In September 1939, Hull assigned Pasvolsky to planning for the postwar peace, and at Pasvolsky's suggestion, set up theAdvisory Committee on Problems of Foreign Relations. After this became moribund, Hull appointed Pasvolsky the first director of the State Department's new Division of Special Research in February, 1941. When this was split in January 1943 into a Division of Political Studies and a Division of Economic Studies, Pasvolsky continued to supervise them. He was executive officer of the secretive Advisory Committee on Postwar Foreign Policy, which superseded the Division, returning to the broadly based Advisory Committee concept, The work of this committee led to the drafting of an outline for a "preliminary UN" by Undersecretary Sumner Welles, based on the design of the League of Nations. Pasvolsky and Hull eventually opposed Welles' draft as being too hastily written. The major split was over whether the organization would have a "regional" nature, perhaps with local councils, in which each great power would have most of the responsiblity for its region, or would have more centralized structure. Welles, as well as Winston Churchill (and later, Nelson Rockefeller) favored "regionalism," while Pasvolsky and Hull favored a unitary global body. Roosevelt wavered between the two sides.

Throughout 1942, Welles took the lead on planning for the UN and in January 1943 discussed a new and full draft charter with Roosevelt. It incorporated Roosevelt's four power "global policemen" but gave them less than absolute veto powers on an Executive Council with "regional" members too. Welles continued to work on the draft, but after a period of political infighting with Hull, he was forced to resign in August 1943. Subsequently Hull took charge of UN planning, and appointed Pasvolsky to put together a draft charter, which he produced in August. It retained the Security Council, General Assembly and Secretariat, which Welles and Pasvolsky had agreed on, but downplayed regionalism. With the absence of Welles or any other figure with comparable influence, interest and expertise Pasvolsky's ideas and phrasing dominated the drafting henceforward. Before Hull departed for the Moscow Conference (1943), Pasvolsky advised him that economic reconstruction, especially in the USSR, should be a prioritized, while Bowman insisted on territorial agreements restricting Soviet expansion. By February 3, 1944, Roosevelt had approved Pasvolsky's latest draft. It incorporated two major departures. Unlike the League of Nations, it entrusted security matters exclusively to the Security Council. However, it widened the Security Council into an 11 member entity, reducing the dominance of the four big powers that Roosevelt had long envisioned.

Another important innovation at Dumbarton Oaks was the Economic and Social Council. Pasvolsky and Stettinius managed to persuade Roosevelt to drop his idea of adding Brazil as a sixth member of the Security Council.
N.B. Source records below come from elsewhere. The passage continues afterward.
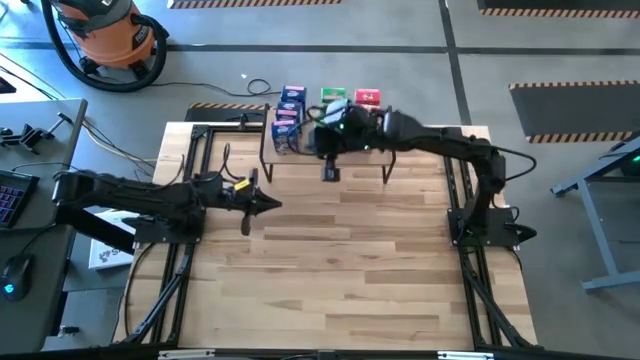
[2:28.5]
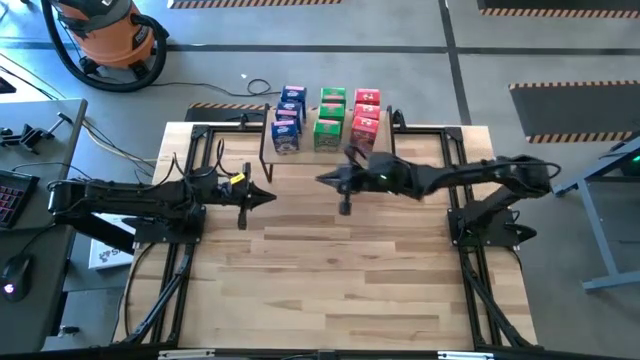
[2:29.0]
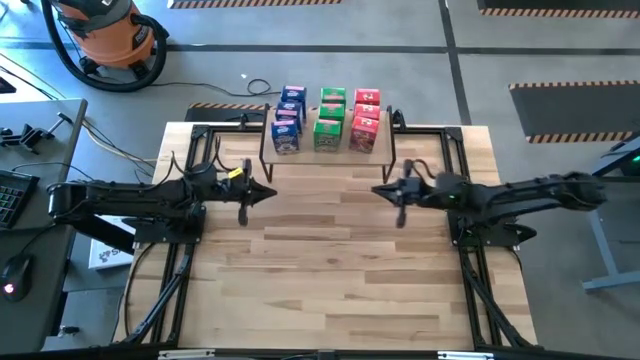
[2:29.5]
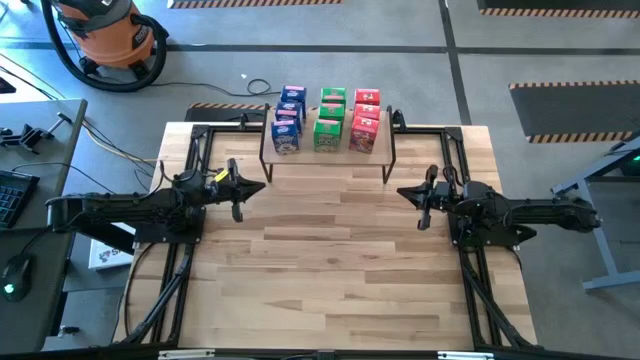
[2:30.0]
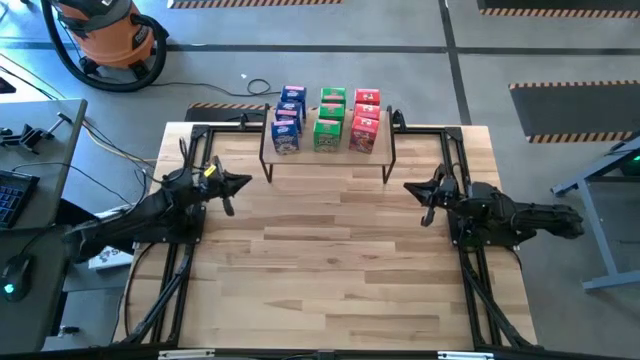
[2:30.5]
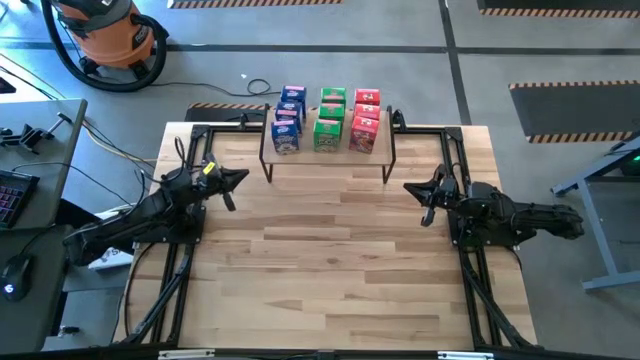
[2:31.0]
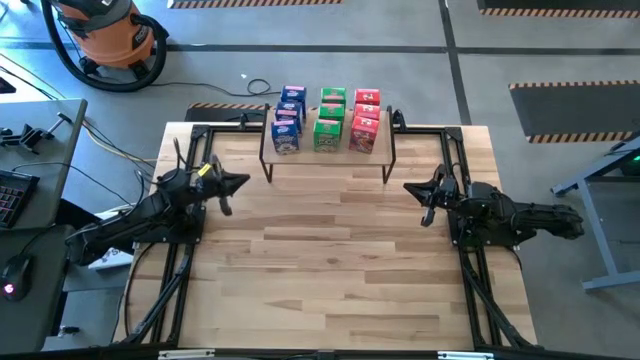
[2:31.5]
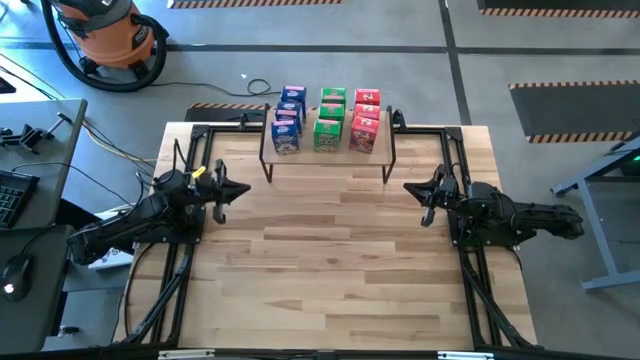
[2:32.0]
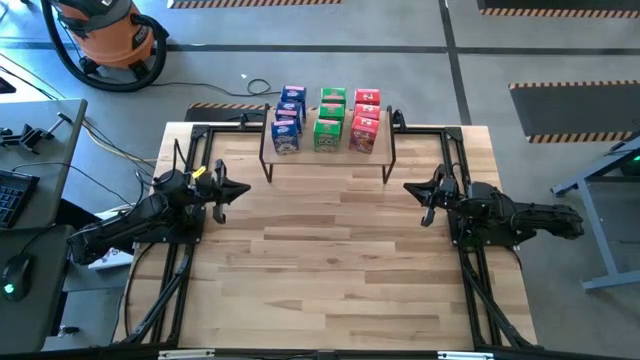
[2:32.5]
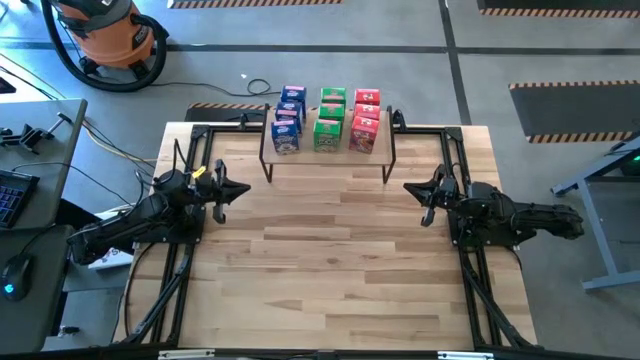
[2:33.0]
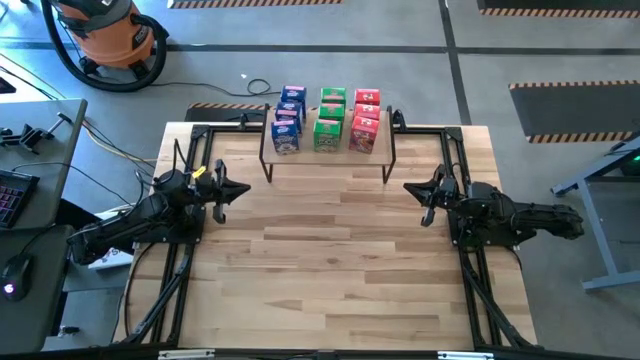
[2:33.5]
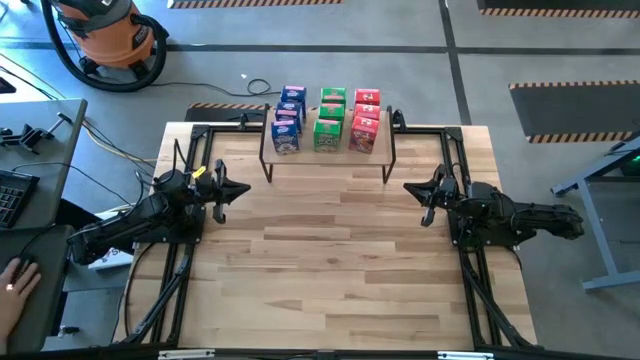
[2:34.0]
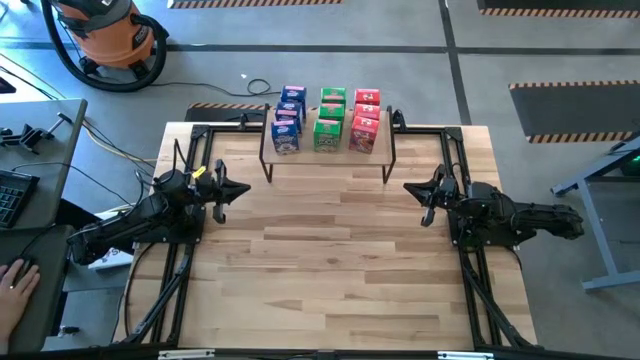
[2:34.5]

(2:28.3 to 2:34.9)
Task: Stack cereal on shelf
Return to Home Position

Pasvolsky managed to persuade Hull and eventually the Russians to limit the veto to substantive matters only - not allowing it on procedural ones including discussions.

Thomas Connally said in his memoirs "Certainly he had more to do with writing the framework of the charter than anyone else."

In 1943 Pasvolsky was placed in charge of International Organization and Security Affairs in the State Department with responsibility for drafting the United Nations Charter; he was present at Bretton Woods and Dumbarton Oaks. He became chairman of the Coordination Committee at the San Francisco United Nations Conference on International Organization, where the charter was negotiated and signed. Secretary Hull depended heavily on Pasvolsky to explain the plans and proposals for the UN to President Roosevelt. It is striking how close a resemblance Pasvolsky's statement of objectives for the new international organization bears to the positions he had taken with Moulton throughout the previous decade.

He resigned from the State Department in March 1946. In 1946–53 he was director of international studies at the Brookings Institution, and a the time of his death, he was working on a study of the origin and history of the United Nations. He died of a heart attack on May 5, 1953 in Washington, DC.